The key things I'm looking for are stats around Disney Plus. There's a lot of buzz that this is doing well, but let's see some hard numbers in terms of usage, in terms of subscribers.
Second thing is what is management's outlook on economic recovery now that the parks are reopening, now that sports is beginning to happen, and the NBA bubble? You're starting to see people watch ESPN a little bit more.
The other thing I'm looking for is non-cash expenses. Has Disney been able to slow their cash outflow, which will help their operations? Overall, you haven't seen their stock price rebound as much as the general market. So there's definitely some upside for investors, depending on what they say this week with their earnings report.
ZACK GUZMAN: Yeah, that upside does seem-- it is something that I noticed, too. When we think about all the talk around Disney Plus that was clearly-- when they had been rallying before, that was a lot of the focus on there. But now the parks business, again, a lot of questions around what that might look like. And I'm not even sure Disney can give that guidance on the earnings call since so much this is tied to the unknowns around the pandemic currently going on.
But when we think about weathering the storm, I guess you're raising that point here, in terms of cash burn. I mean, if this were to go on for more and more time, more and more pain being felt here by Disney, what would be your take on whether or not this spills over into 2021, deep into 2021? What that might look like for Disney, as Disney Plus, as we know, still not necessarily a money-making side of the business right now.

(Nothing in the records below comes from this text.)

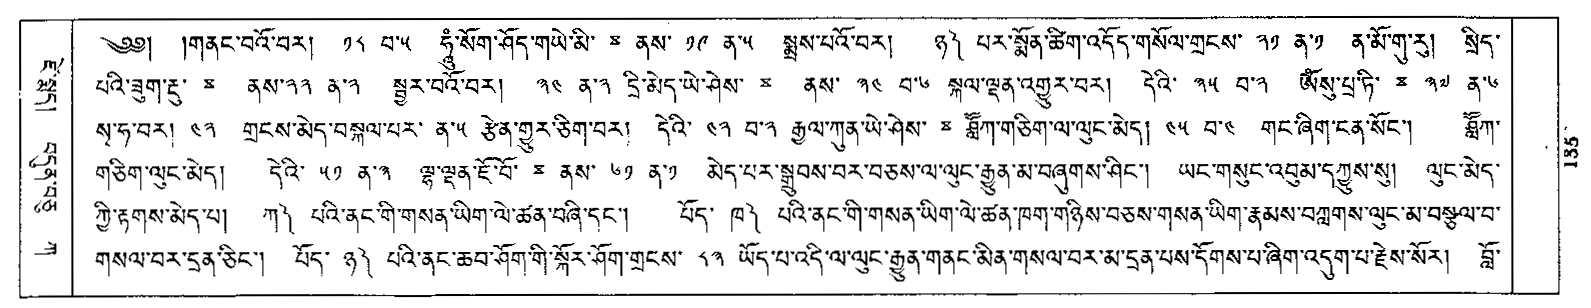༄༅། །གནང་བའོ་བར། ༡༨་བ ༥་ཧཱུཾ་སོག་ཤོད་གཡེ་མི་྾་ནས ༡༩་ན ༥་སྨྲས་པའོ་བར། ཉ྄་པར་སྨོན་ཚིག་འདོད་གསོལ་གྲངས ༢༡་ན ༡་ན་མོ་གུ་རུ། སྲིད་
པའི་ཟུག་རྔུ་྾་ནས ༢༢་ན ༢་སྦྱར་བའོ་བར། ༣༤་ན ༢་དྲི་མེད་ཡེ་ཤེས་྾་ནས ༣༤་བ ༦་སྐལ་ལྡན་འགྱུར་བར། དེའི ༣༥་བ ༢་ཨོཾ་སུ་པྲ་ཏི་྾ ༣༧་ན ༦
སྭ་ཧ་བར། ༤༢་གྲངས་མེད་བསྐལ་པར་ན ༥་རྩེན་གྱུར་ཅིག་བར། དེའི ༤༢་བ ༢་རྒྱལ་ཀུན་ཡེ་ཤེས་྾་ཤླཽ་ཀ་གཅིག་ལ་ལུང་མེད། ༤༥་བ ༤་གང་ཞིག་ངན་སོང་། ཤླཽ་ཀ་
གཅིག་ལུང་མེད། དེའི ༥༡་ན ༣་ལྷ་ལྡན་ཇོ་བོ་྾་ནས ༦༡་ན ༡་མེད་པར་སྒྲུབས་བར་བཅས་ལ་ལུང་རྒྱུན་མ་བཞུགས་ཤིང་། ཡང་གསུང་འབུམ་དཀྱུས་སུ། ལུང་མེད་
ཀྱི་རྟགས་མེད་པ། ཀ྄་པའི་ནང་གི་གསན་ཡིག་ལེ་ཚན་བཞི་དང་། པོད་ཁ྄་པའི་ནང་གི་གསན་ཡིག་ལེ་ཚན་ཁག་གཉིས་བཅས་གསན་ཡིག་རྣམས་བཀླགས་ལུང་མ་བསྩལ་བ་
གསལ་བར་དྲན་ཅིང་། པོད་ཉ྄་པའི་ནང་ཆབ་ཤོག་གི་སྐོར་ཤོག་གྲངས། ༨༣་ཡོད་པ་འདི་ལ་ལུང་རྒྱུན་གནང་མིན་གསལ་བར་མ་དྲན་པས་དོགས་པ་ཞིག་འདུག་པ་རྗེས་སོར། བློ་
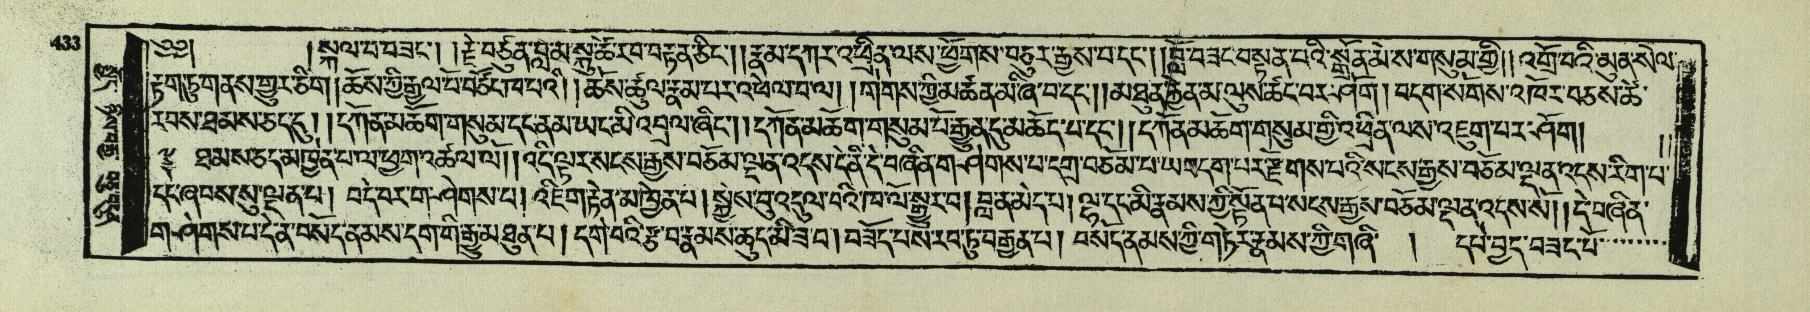༄༅། །སྐལ་བ་བཟང་། །རྗེ་བཙུན་བླ་མ་སྐུ་ཚེ་རབ་བརྟན་ཅིང་། །རྣམ་དཀར་འཕྲིན་ལས་ཕྱོགས་བཅུར་རྒྱས་པ་དང་། །བློ་བཟང་བསྟན་པའི་སྒྲོན་མེ་ས་གསུམ་གྱི། །འགྲོ་བའི་མུན་སེལ་
རྟག་ཏུ་གནས་གྱུར་ཅིག །ཆོས་ཀྱི་རྒྱལ་པོ་བཙོང་ཁ་པའི། །ཆོས་ཚུལ་རྣམ་པར་འཕེལ་བ་ལ། །གེགས་ཀྱི་མཚན་མ་ཞི་བ་དང་། །མཐུན་རྐྱེན་མ་ལུས་ཚང་བར་ཤོག །བདག་སོགས་འཁོར་བཅས་ཚེ་
རབས་ཐམས་ཅད་དུ། །དཀོན་མཆོག་གསུམ་དང་ནམ་ཡང་མི་འབྲལ་ཞིང་། །དཀོན་མཆོག་གསུམ་པོ་རྒྱུན་དུ་མཆོད་པ་དང་། །དཀོན་མཆོག་གསུམ་གྱི་འཕྲིན་ལས་འཇུག་པར་ཤོག། །།
འ་ཐམས་ཅད་མཁྱེན་པ་ལ་ཕྱག་འཚལ་ལོ། །འདི་ལྟར་སངས་རྒྱས་བཅོམ་ལྡན་འདས་དེ་ནི་དེ་བཞིན་གཤེགས་པ་དགྲ་བཅོམ་པ་ཡང་དག་པར་རྫོགས་པའི་སངས་རྒྱས་བཅོམ་ལྡན་འདས་རིག་པ་
དང་ཞབས་སུ་ལྡན་པ། བདེ་བར་གཤེགས་པ། འཇིག་རྟེན་མཁྱེན་པ། སྐྱེས་བུ་འདུལ་བའི་ཁ་ལོ་སྒྱུར་བ། བླ་ན་མེད་པ། ལྷ་དང་མི་རྣམས་ཀྱི་སྟོན་པ་སངས་རྒྱས་བཅོམ་ལྡན་འདས་སོ། །དེ་བཞིན་
གཤེགས་པ་དེ་ན་བསོད་ནམས་དག་གི་རྒྱུ་མཐུན་པ། དགེ་བའི་རྩ་བ་རྣམས་ཆུད་མི་ཟ་བ། བཟོད་པས་རབ་ཏུ་བརྒྱན་པ། བསོད་ནམས་ཀྱི་གཏེར་རྣམས་ཀྱི་གཞི། དཔེ་བྱད་བཟང་པོ་
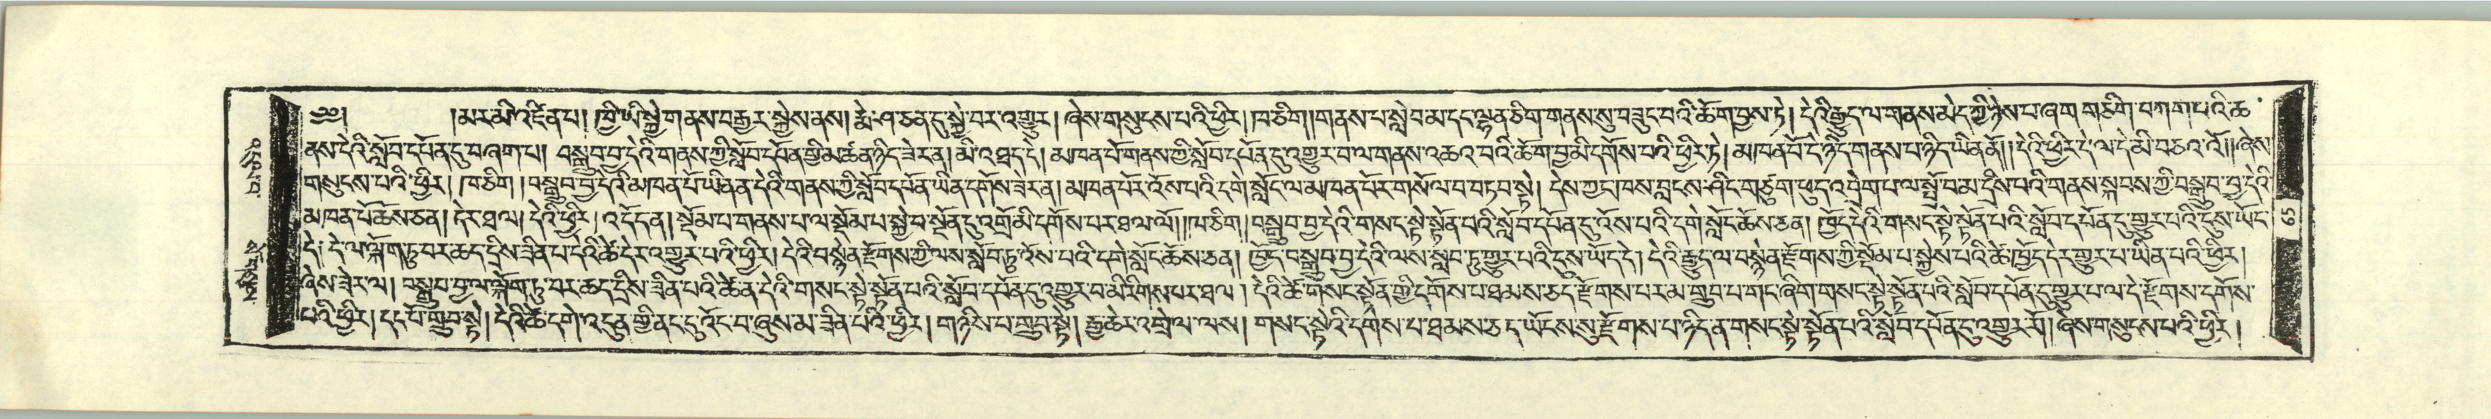༄༅། །མར་མི་འཛིན་པ། ཁྱི་ཡི་སྐྱེ་གནས་བརྒྱར་སྐྱེས་ནས། རྨེ་ཤ་ཅན་དུ་སྐྱེ་བར་འགྱུར། ཞེས་གསུངས་པའི་ཕྱིར། ཁ་ཅིག །གནས་པ་སླེབ་མ་དང་ལྷན་ཅིག་གནས་སུ་བཟུང་བའི་ཆོ་ག་བྱས་ཏེ། དེའི་རྒྱུད་ལ་གནས་མེད་ཀྱི་ཉེས་པ་ཞག་གཅིག་བཀག་པའི་ཆ་
ནས་དེའི་སློབ་དཔོན་དུ་བཞག་པ། བསྒྲུབ་བྱ་དེའི་གནས་ཀྱི་སློབ་དཔོན་གྱི་མཚན་ཉིད་ཟེར་ན། མི་འཐད་དེ། མཁན་པོ་གནས་ཀྱི་སློབ་དཔོན་དུ་འགྱུར་བ་ལ་གནས་འཆའ་བའི་ཆོ་ག་བྱ་མི་དགོས་པའི་ཕྱིར་ཏེ། མཁན་པོ་དེ་ཉིད་གནས་པ་ཉིད་ཡིན་ནོ། །དེའི་ཕྱིར་དེ་ལ་དེ་མི་བཅའ་འོ། །ཞེས་
གསུངས་པའི་ཕྱིར། ཁ་ཅིག །བསྒྲུབ་བྱ་དེའི་མཁན་པོ་ཡིན་ན་དེའི་གནས་ཀྱི་སློབ་དཔོན་ཡིན་དགོས་ཟེར་ན། མཁན་པོར་འོས་པའི་དགེ་སློང་ལ་མཁན་པོར་གསོལ་བ་བཏབ་སྟེ། དེས་ཀྱང་ཁས་བླངས་ཤིང་གཙུག་ཕུད་འབྲེག་པ་ལ་སྤྲོ་བ་མ་དྲིས་པའི་གནས་སྐབས་ཀྱི་བསྒྲུབ་བྱ་དེའི་
མཁན་པོ་ཆོས་ཅན། དེར་ཐལ། དེའི་ཕྱིར། འདོད་ན། སྡོམ་པ་གནས་པ་ལ་སྡོམ་པ་སྐྱེ་བ་སྔོན་དུ་འགྲོ་མི་དགོས་པར་ཐལ་ལོ། །ཁ་ཅིག །བསྒྲུབ་བྱ་དེའི་གསང་སྟེ་སྟོན་པའི་སློབ་དཔོན་དུ་འོས་པའི་དགེ་སློང་ཆོས་ཅན། ཁྱོད་དེའི་གསང་སྟེ་སྟོན་པའི་སློབ་དཔོན་དུ་གྱུར་པའི་དུས་ཡོད་
དེ༑ དེ་ལ་ལྐོག་ཏུ་བར་ཆད་དྲིས་ཟིན་པ་དེའི་ཚེ་དེར་འགྱུར་པའི་ཕྱིར། དེའི་བསྙེན་རྫོགས་ཀྱི་ལས་སློབ་ཏུ་འོས་པའི་དགེ་སློང་ཆོས་ཅན། ཁྱོད་བསྒྲུབ་བྱ་དེའི་ལས་སླབ་ཏུ་གྱུར་པའི་དུས་ཡོད་དེ། དེའི་རྒྱུད་ལ་བསྙེན་རྫོགས་ཀྱི་སྡོམ་པ་སྐྱེས་པའི་ཚེ་ཁྱོད་དེར་གྱུར་པ་ཡིན་པའི་ཕྱིར།
ཞེས་ཟེར་ལ། བསྒྲུབ་བྱ་ལ་ལྐོག་ཏུ་བར་ཆད་དྲིས་ཟིན་པའི་ཚེ་ན་དེའི་གསང་སྟེ་སྟོན་པའི་སློབ་དཔོན་དུ་འགྱུར་བ་མི་རིགས་པར་ཐལ། དེའི་ཚེ་གསང་སྟོན་གྱི་དགོས་པ་ཐམས་ཅད་རྫོགས་པར་མ་གྲུབ་པ་གང་ཞིག་གསང་སྟེ་སྟོན་པའི་སློབ་དཔོན་དུ་གྱུར་པ་ལ་དེ་རྫོགས་དགོས་
པའི་ཕྱིར། དང་པོ་གྲུབ་སྟེ། དེའི་ཚེ་དགེ་འདུན་གྱི་ནང་དུ་འོང་བ་ཞུས་མ་ཟིན་པའི་ཕྱིར། གཉིས་པ་གྲུབ་སྟེ། རྒྱ་ཆེར་འགྲེལ་ལས། གསང་སྟེའི་དགེས་པ་ཐམས་ཅད་ཡོངས་སུ་རྫོགས་པ་ཉིད་ན་གསང་སྟེ་སྟོན་པའི་སློབ་དཔོན་དུ་འགྱུར་རོ། །ཞེས་གསུངས་པའི་ཕྱིར།

KELLY O'GRADY: Yeah, it's a good point you make. The parks is the cash cow. It's supposed to be funding the Disney Plus losses. It might be doing well in terms of what we're seeing, but at the end of the day, it's not profitable.
I think that if you look at the attendance at Disney Parks, the tickets are sold out. People are hungry to go back. Now, they're not at full attendance right now, but I think you're definitely going to see a swing back. They are finding ways to make this viable for consumers to feel safe, to go live out their dreams at the happiest place on earth, whether it's at the hotels, whether it's at Disney Springs.
So I personally don't think that you're going to see this too, too far into the depths of the back half of 2021. But it could certainly impact the beginning, based on what happens as we go into the fall and winter, and what that does with the coronavirus in terms of the case numbers that we see in Florida, truly. It's spiraling a little bit out of control.